**What to do**: Among the entries below, one stretch runs from the line that contains "#134 = DIRECTION" through the line that contains "#359 = EDGE_CURVE". Repeat that stretch exactly, ends included, and only that.

**Excerpted records**:
==*==
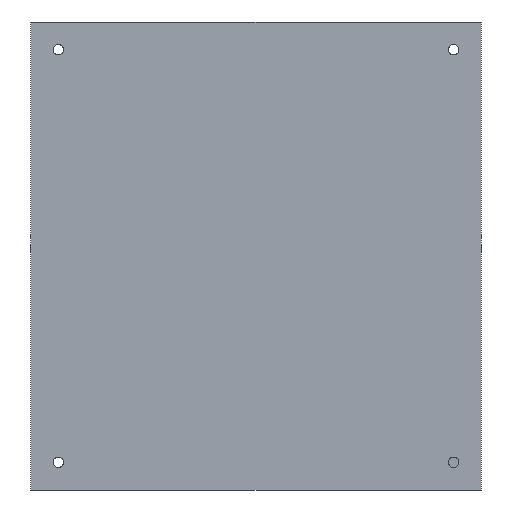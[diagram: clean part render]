
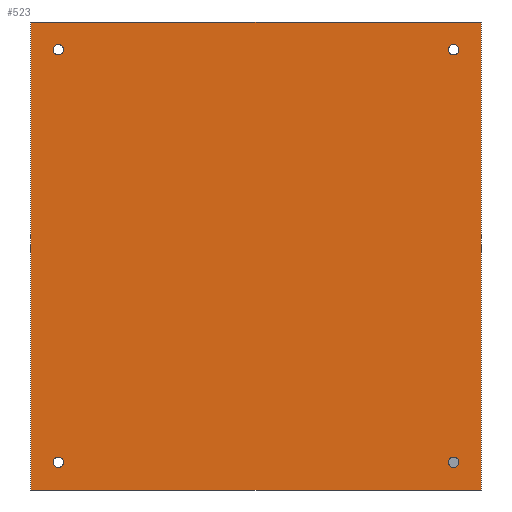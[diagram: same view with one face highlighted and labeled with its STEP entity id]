
A CAD part, front view. The second image highlights one B-rep face of the part: STEP entity #523.
In plain terms, the highlighted planar face has unit normal (0, -1, 0).
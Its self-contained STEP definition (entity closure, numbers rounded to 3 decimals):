
#2 = DIRECTION ( 'NONE',  ( 0., 0., -1. ) ) ;
#5 = EDGE_CURVE ( 'NONE', #655, #387, #667, .T. ) ;
#14 = ORIENTED_EDGE ( 'NONE', *, *, #809, .F. ) ;
#15 = DIRECTION ( 'NONE',  ( 0., 0., 1. ) ) ;
#19 = ORIENTED_EDGE ( 'NONE', *, *, #580, .T. ) ;
#20 = DIRECTION ( 'NONE',  ( 0., 1., 0. ) ) ;
#37 = DIRECTION ( 'NONE',  ( 0., 0., 1. ) ) ;
#38 = EDGE_LOOP ( 'NONE', ( #791, #14, #181, #113 ) ) ;
#41 = CARTESIAN_POINT ( 'NONE',  ( -57., 0., 58. ) ) ;
#53 = VECTOR ( 'NONE', #2, 1000. ) ;
#57 = DIRECTION ( 'NONE',  ( 0., -1., 0. ) ) ;
#59 = DIRECTION ( 'NONE',  ( 0., 0., 1. ) ) ;
#60 = CIRCLE ( 'NONE', #621, 1.5 ) ;
#62 = DIRECTION ( 'NONE',  ( 0., 1., 0. ) ) ;
#66 = CARTESIAN_POINT ( 'NONE',  ( 65., 0., 67.5 ) ) ;
#104 = AXIS2_PLACEMENT_3D ( 'NONE', #636, #57, #201 ) ;
#113 = ORIENTED_EDGE ( 'NONE', *, *, #618, .F. ) ;
#122 = EDGE_LOOP ( 'NONE', ( #670, #785 ) ) ;
#126 = FACE_BOUND ( 'NONE', #122, .T. ) ;
#130 = FACE_BOUND ( 'NONE', #487, .T. ) ;
#133 = CARTESIAN_POINT ( 'NONE',  ( 57., 0., -61. ) ) ;
#134 = DIRECTION ( 'NONE',  ( 0., 1., 0. ) ) ;
#143 = VECTOR ( 'NONE', #401, 1000. ) ;
#145 = CARTESIAN_POINT ( 'NONE',  ( -57., 0., -59.5 ) ) ;
#151 = EDGE_CURVE ( 'NONE', #544, #317, #771, .T. ) ;
#153 = VERTEX_POINT ( 'NONE', #357 ) ;
#162 = CIRCLE ( 'NONE', #702, 1.5 ) ;
#168 = DIRECTION ( 'NONE',  ( 0., 0., 1. ) ) ;
#180 = EDGE_CURVE ( 'NONE', #511, #153, #162, .T. ) ;
#181 = ORIENTED_EDGE ( 'NONE', *, *, #208, .F. ) ;
#190 = EDGE_CURVE ( 'NONE', #606, #778, #663, .T. ) ;
#191 = CARTESIAN_POINT ( 'NONE',  ( 57., 0., 59.5 ) ) ;
#194 = CARTESIAN_POINT ( 'NONE',  ( -65., 0., -67.5 ) ) ;
#201 = DIRECTION ( 'NONE',  ( 0., 0., -1. ) ) ;
#206 = LINE ( 'NONE', #658, #692 ) ;
#207 = ORIENTED_EDGE ( 'NONE', *, *, #798, .T. ) ;
#208 = EDGE_CURVE ( 'NONE', #590, #625, #206, .T. ) ;
#211 = CARTESIAN_POINT ( 'NONE',  ( 57., 0., -58. ) ) ;
#224 = ORIENTED_EDGE ( 'NONE', *, *, #608, .T. ) ;
#236 = CARTESIAN_POINT ( 'NONE',  ( -57., 0., -58. ) ) ;
#246 = CARTESIAN_POINT ( 'NONE',  ( -65., 0., 67.5 ) ) ;
#256 = FACE_OUTER_BOUND ( 'NONE', #38, .T. ) ;
#263 = AXIS2_PLACEMENT_3D ( 'NONE', #145, #389, #321 ) ;
#264 = CARTESIAN_POINT ( 'NONE',  ( -65., 0., 67.5 ) ) ;
#277 = CIRCLE ( 'NONE', #610, 1.5 ) ;
#310 = VECTOR ( 'NONE', #440, 1000. ) ;
#311 = CARTESIAN_POINT ( 'NONE',  ( -57., 0., 59.5 ) ) ;
#317 = VERTEX_POINT ( 'NONE', #211 ) ;
#318 = LINE ( 'NONE', #573, #310 ) ;
#321 = DIRECTION ( 'NONE',  ( 0., 0., 1. ) ) ;
#324 = CARTESIAN_POINT ( 'NONE',  ( 57., 0., 59.5 ) ) ;
#335 = CARTESIAN_POINT ( 'NONE',  ( -57., 0., -61. ) ) ;
#357 = CARTESIAN_POINT ( 'NONE',  ( 57., 0., 61. ) ) ;
#359 = EDGE_CURVE ( 'NONE', #317, #544, #60, .T. ) ;
#376 = FACE_BOUND ( 'NONE', #424, .T. ) ;
#382 = CARTESIAN_POINT ( 'NONE',  ( -57., 0., 61. ) ) ;
#387 = VERTEX_POINT ( 'NONE', #236 ) ;
#389 = DIRECTION ( 'NONE',  ( 0., 1., 0. ) ) ;
#401 = DIRECTION ( 'NONE',  ( 1., 0., 0. ) ) ;
#405 = LINE ( 'NONE', #264, #143 ) ;
#411 = AXIS2_PLACEMENT_3D ( 'NONE', #537, #796, #168 ) ;
#416 = ORIENTED_EDGE ( 'NONE', *, *, #151, .T. ) ;
#424 = EDGE_LOOP ( 'NONE', ( #416, #764 ) ) ;
#429 = VERTEX_POINT ( 'NONE', #41 ) ;
#434 = CARTESIAN_POINT ( 'NONE',  ( 57., 0., 58. ) ) ;
#438 = DIRECTION ( 'NONE',  ( 0., 1., 0. ) ) ;
#440 = DIRECTION ( 'NONE',  ( -1., 0., 0. ) ) ;
#487 = EDGE_LOOP ( 'NONE', ( #207, #224 ) ) ;
#493 = CARTESIAN_POINT ( 'NONE',  ( 57., 0., -59.5 ) ) ;
#500 = AXIS2_PLACEMENT_3D ( 'NONE', #191, #438, #59 ) ;
#510 = FACE_BOUND ( 'NONE', #800, .T. ) ;
#511 = VERTEX_POINT ( 'NONE', #434 ) ;
#518 = CARTESIAN_POINT ( 'NONE',  ( 65., 0., -67.5 ) ) ;
#523 = ADVANCED_FACE ( 'NONE', ( #510, #126, #256, #376, #130 ), #772, .T. ) ;
#525 = DIRECTION ( 'NONE',  ( 0., 1., 0. ) ) ;
#527 = AXIS2_PLACEMENT_3D ( 'NONE', #661, #20, #15 ) ;
#537 = CARTESIAN_POINT ( 'NONE',  ( 57., 0., -59.5 ) ) ;
#542 = CIRCLE ( 'NONE', #500, 1.5 ) ;
#544 = VERTEX_POINT ( 'NONE', #133 ) ;
#560 = VERTEX_POINT ( 'NONE', #382 ) ;
#567 = CIRCLE ( 'NONE', #527, 1.5 ) ;
#568 = DIRECTION ( 'NONE',  ( 0., 0., 1. ) ) ;
#569 = DIRECTION ( 'NONE',  ( 0., 0., 1. ) ) ;
#573 = CARTESIAN_POINT ( 'NONE',  ( -65., 0., -67.5 ) ) ;
#580 = EDGE_CURVE ( 'NONE', #153, #511, #542, .T. ) ;
#590 = VERTEX_POINT ( 'NONE', #194 ) ;
#606 = VERTEX_POINT ( 'NONE', #66 ) ;
#608 = EDGE_CURVE ( 'NONE', #560, #429, #677, .T. ) ;
#610 = AXIS2_PLACEMENT_3D ( 'NONE', #640, #525, #788 ) ;
#618 = EDGE_CURVE ( 'NONE', #778, #590, #318, .T. ) ;
#621 = AXIS2_PLACEMENT_3D ( 'NONE', #493, #803, #816 ) ;
#625 = VERTEX_POINT ( 'NONE', #246 ) ;
#630 = AXIS2_PLACEMENT_3D ( 'NONE', #311, #62, #568 ) ;
#634 = CARTESIAN_POINT ( 'NONE',  ( 65., 0., 67.5 ) ) ;
#636 = CARTESIAN_POINT ( 'NONE',  ( 0., 0., 0. ) ) ;
#640 = CARTESIAN_POINT ( 'NONE',  ( -57., 0., -59.5 ) ) ;
#649 = ORIENTED_EDGE ( 'NONE', *, *, #180, .T. ) ;
#653 = EDGE_CURVE ( 'NONE', #387, #655, #277, .T. ) ;
#655 = VERTEX_POINT ( 'NONE', #335 ) ;
#658 = CARTESIAN_POINT ( 'NONE',  ( -65., 0., 67.5 ) ) ;
#661 = CARTESIAN_POINT ( 'NONE',  ( -57., 0., 59.5 ) ) ;
#663 = LINE ( 'NONE', #634, #53 ) ;
#667 = CIRCLE ( 'NONE', #263, 1.5 ) ;
#670 = ORIENTED_EDGE ( 'NONE', *, *, #5, .T. ) ;
#677 = CIRCLE ( 'NONE', #630, 1.5 ) ;
#692 = VECTOR ( 'NONE', #37, 1000. ) ;
#702 = AXIS2_PLACEMENT_3D ( 'NONE', #324, #134, #569 ) ;
#764 = ORIENTED_EDGE ( 'NONE', *, *, #359, .T. ) ;
#771 = CIRCLE ( 'NONE', #411, 1.5 ) ;
#772 = PLANE ( 'NONE',  #104 ) ;
#778 = VERTEX_POINT ( 'NONE', #518 ) ;
#785 = ORIENTED_EDGE ( 'NONE', *, *, #653, .T. ) ;
#788 = DIRECTION ( 'NONE',  ( 0., 0., 1. ) ) ;
#791 = ORIENTED_EDGE ( 'NONE', *, *, #190, .F. ) ;
#796 = DIRECTION ( 'NONE',  ( 0., 1., 0. ) ) ;
#798 = EDGE_CURVE ( 'NONE', #429, #560, #567, .T. ) ;
#800 = EDGE_LOOP ( 'NONE', ( #649, #19 ) ) ;
#803 = DIRECTION ( 'NONE',  ( 0., 1., 0. ) ) ;
#809 = EDGE_CURVE ( 'NONE', #625, #606, #405, .T. ) ;
#816 = DIRECTION ( 'NONE',  ( 0., 0., 1. ) ) ;
==*==
**Finished exercise**:
#134 = DIRECTION ( 'NONE',  ( 0., 1., 0. ) ) ;
#143 = VECTOR ( 'NONE', #401, 1000. ) ;
#145 = CARTESIAN_POINT ( 'NONE',  ( -57., 0., -59.5 ) ) ;
#151 = EDGE_CURVE ( 'NONE', #544, #317, #771, .T. ) ;
#153 = VERTEX_POINT ( 'NONE', #357 ) ;
#162 = CIRCLE ( 'NONE', #702, 1.5 ) ;
#168 = DIRECTION ( 'NONE',  ( 0., 0., 1. ) ) ;
#180 = EDGE_CURVE ( 'NONE', #511, #153, #162, .T. ) ;
#181 = ORIENTED_EDGE ( 'NONE', *, *, #208, .F. ) ;
#190 = EDGE_CURVE ( 'NONE', #606, #778, #663, .T. ) ;
#191 = CARTESIAN_POINT ( 'NONE',  ( 57., 0., 59.5 ) ) ;
#194 = CARTESIAN_POINT ( 'NONE',  ( -65., 0., -67.5 ) ) ;
#201 = DIRECTION ( 'NONE',  ( 0., 0., -1. ) ) ;
#206 = LINE ( 'NONE', #658, #692 ) ;
#207 = ORIENTED_EDGE ( 'NONE', *, *, #798, .T. ) ;
#208 = EDGE_CURVE ( 'NONE', #590, #625, #206, .T. ) ;
#211 = CARTESIAN_POINT ( 'NONE',  ( 57., 0., -58. ) ) ;
#224 = ORIENTED_EDGE ( 'NONE', *, *, #608, .T. ) ;
#236 = CARTESIAN_POINT ( 'NONE',  ( -57., 0., -58. ) ) ;
#246 = CARTESIAN_POINT ( 'NONE',  ( -65., 0., 67.5 ) ) ;
#256 = FACE_OUTER_BOUND ( 'NONE', #38, .T. ) ;
#263 = AXIS2_PLACEMENT_3D ( 'NONE', #145, #389, #321 ) ;
#264 = CARTESIAN_POINT ( 'NONE',  ( -65., 0., 67.5 ) ) ;
#277 = CIRCLE ( 'NONE', #610, 1.5 ) ;
#310 = VECTOR ( 'NONE', #440, 1000. ) ;
#311 = CARTESIAN_POINT ( 'NONE',  ( -57., 0., 59.5 ) ) ;
#317 = VERTEX_POINT ( 'NONE', #211 ) ;
#318 = LINE ( 'NONE', #573, #310 ) ;
#321 = DIRECTION ( 'NONE',  ( 0., 0., 1. ) ) ;
#324 = CARTESIAN_POINT ( 'NONE',  ( 57., 0., 59.5 ) ) ;
#335 = CARTESIAN_POINT ( 'NONE',  ( -57., 0., -61. ) ) ;
#357 = CARTESIAN_POINT ( 'NONE',  ( 57., 0., 61. ) ) ;
#359 = EDGE_CURVE ( 'NONE', #317, #544, #60, .T. ) ;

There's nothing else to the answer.